Problem:
Your answer should be every line with the word "directions", copied from the data below.

━━━ Extracted data

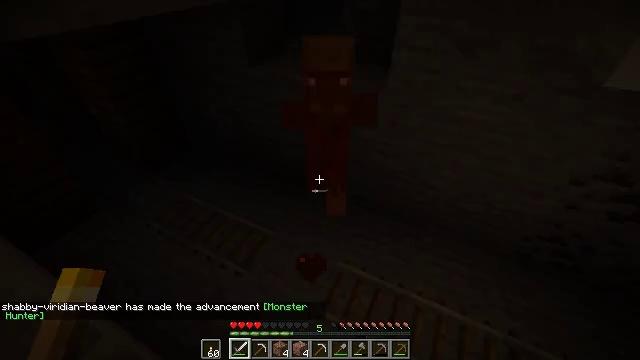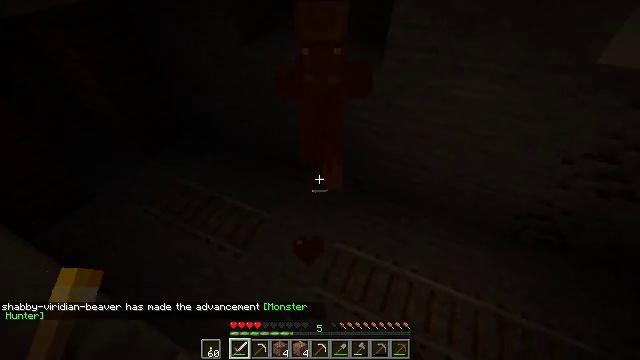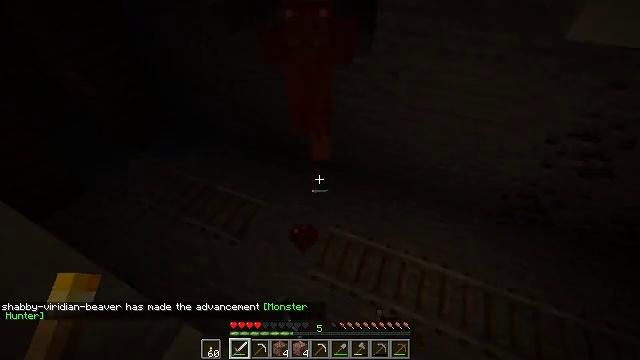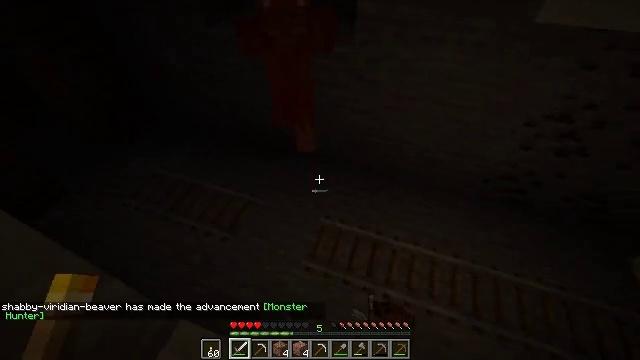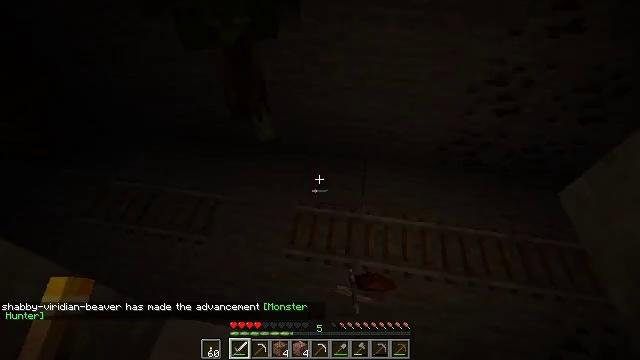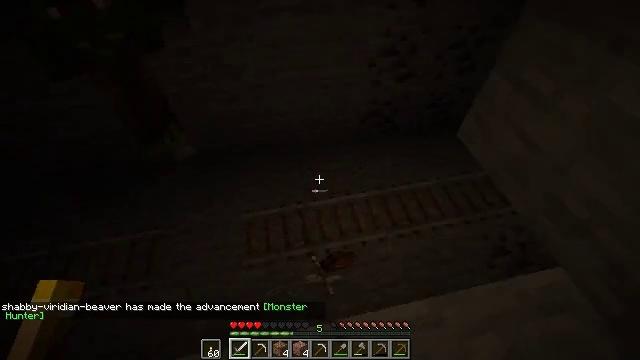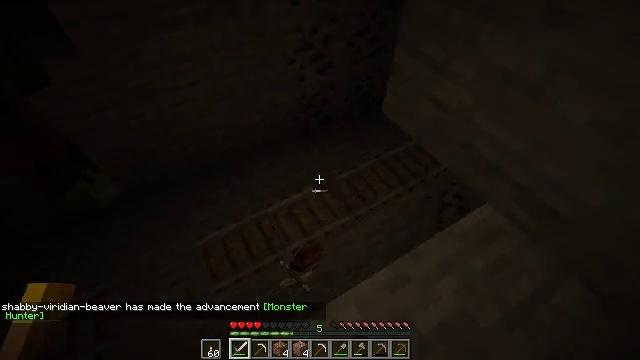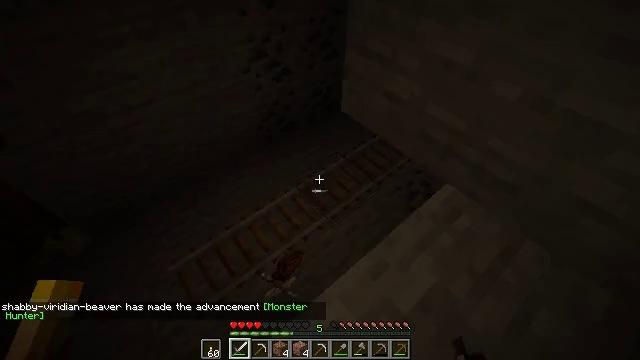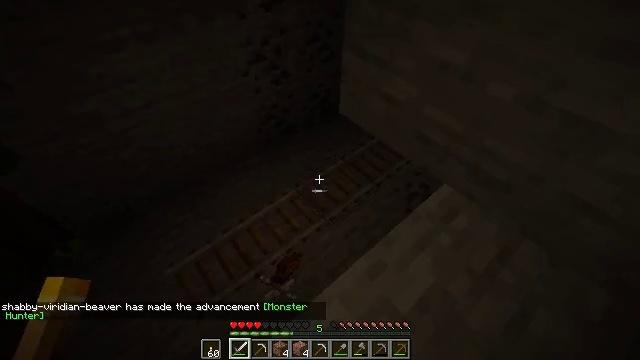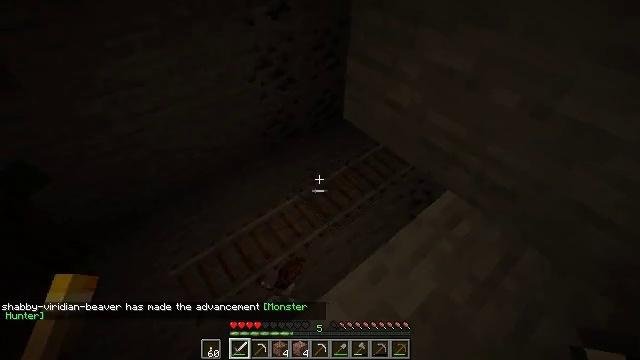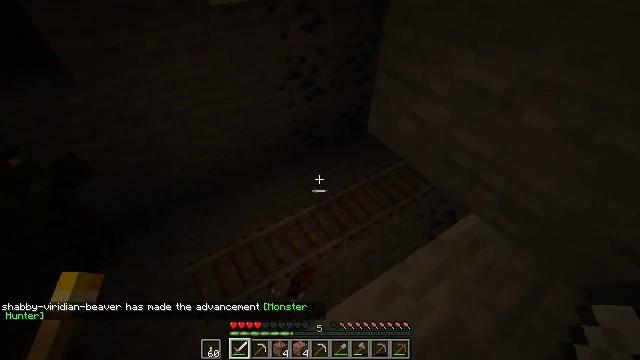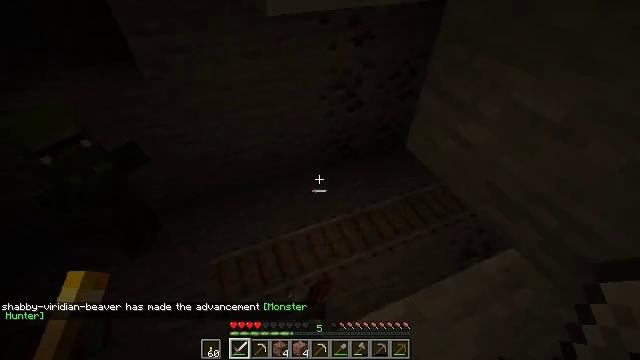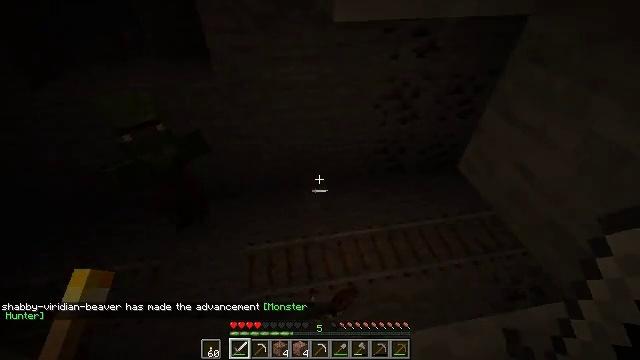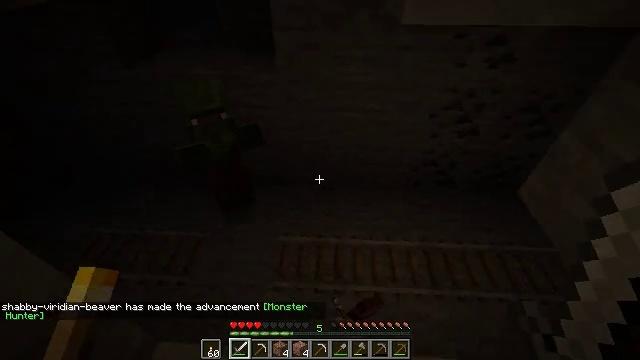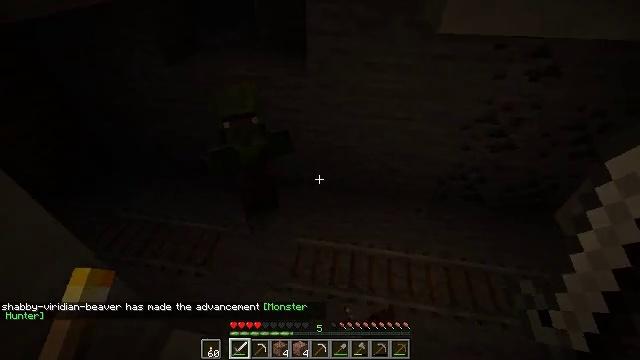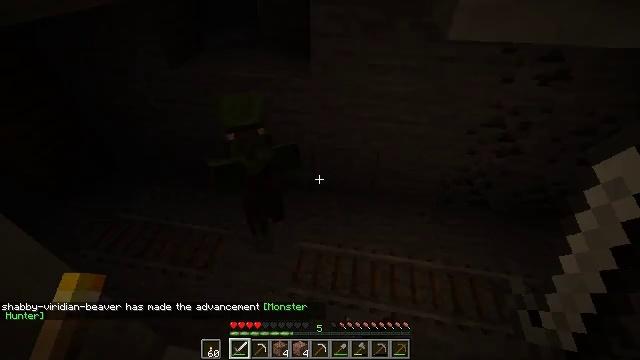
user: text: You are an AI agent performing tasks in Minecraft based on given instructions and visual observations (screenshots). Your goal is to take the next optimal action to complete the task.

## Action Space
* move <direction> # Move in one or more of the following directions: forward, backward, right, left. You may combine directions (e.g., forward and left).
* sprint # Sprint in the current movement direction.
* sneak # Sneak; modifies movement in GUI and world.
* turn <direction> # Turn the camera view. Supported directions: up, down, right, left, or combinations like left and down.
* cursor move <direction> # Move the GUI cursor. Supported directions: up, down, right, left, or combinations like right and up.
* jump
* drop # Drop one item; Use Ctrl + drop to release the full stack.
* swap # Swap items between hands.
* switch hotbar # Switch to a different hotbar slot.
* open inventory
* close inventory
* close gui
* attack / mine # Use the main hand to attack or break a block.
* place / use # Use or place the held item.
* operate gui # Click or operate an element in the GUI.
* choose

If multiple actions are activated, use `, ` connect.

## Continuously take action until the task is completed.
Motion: motion action
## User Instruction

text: Kill undead mobs.
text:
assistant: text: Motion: move back, sneak, turn right and down, attack / mine
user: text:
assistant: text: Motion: move back, sneak, turn right and down
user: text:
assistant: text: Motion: move back, sneak, turn right and down
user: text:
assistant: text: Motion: move back, sneak, turn right and down
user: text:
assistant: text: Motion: move back, sneak, turn right
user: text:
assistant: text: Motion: sneak, turn right
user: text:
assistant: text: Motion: sneak, turn right and up
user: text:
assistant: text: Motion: sneak
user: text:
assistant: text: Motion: sneak, turn left and up
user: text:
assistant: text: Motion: sneak, turn left and up
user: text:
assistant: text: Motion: sneak, turn left and up
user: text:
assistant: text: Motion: sneak, turn left and up
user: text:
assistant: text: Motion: sneak, turn left
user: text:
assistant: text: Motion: move forward, sneak, turn left
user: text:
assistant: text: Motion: move forward, sneak
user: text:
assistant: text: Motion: move forward, sneak, turn left
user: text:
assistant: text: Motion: move forward, sneak, turn left
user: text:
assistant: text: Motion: move forward, sneak, turn left and down
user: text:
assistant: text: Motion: sneak, turn left
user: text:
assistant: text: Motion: sneak, turn left
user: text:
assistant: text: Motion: sneak, attack / mine
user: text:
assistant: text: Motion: sneak, attack / mine
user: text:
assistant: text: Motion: sneak
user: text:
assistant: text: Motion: sneak
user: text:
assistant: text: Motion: sneak, attack / mine
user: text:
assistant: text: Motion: sneak, attack / mine

━━━━━━

Result for this task:
* move <direction> # Move in one or more of the following directions: forward, backward, right, left. You may combine directions (e.g., forward and left).
* turn <direction> # Turn the camera view. Supported directions: up, down, right, left, or combinations like left and down.
* cursor move <direction> # Move the GUI cursor. Supported directions: up, down, right, left, or combinations like right and up.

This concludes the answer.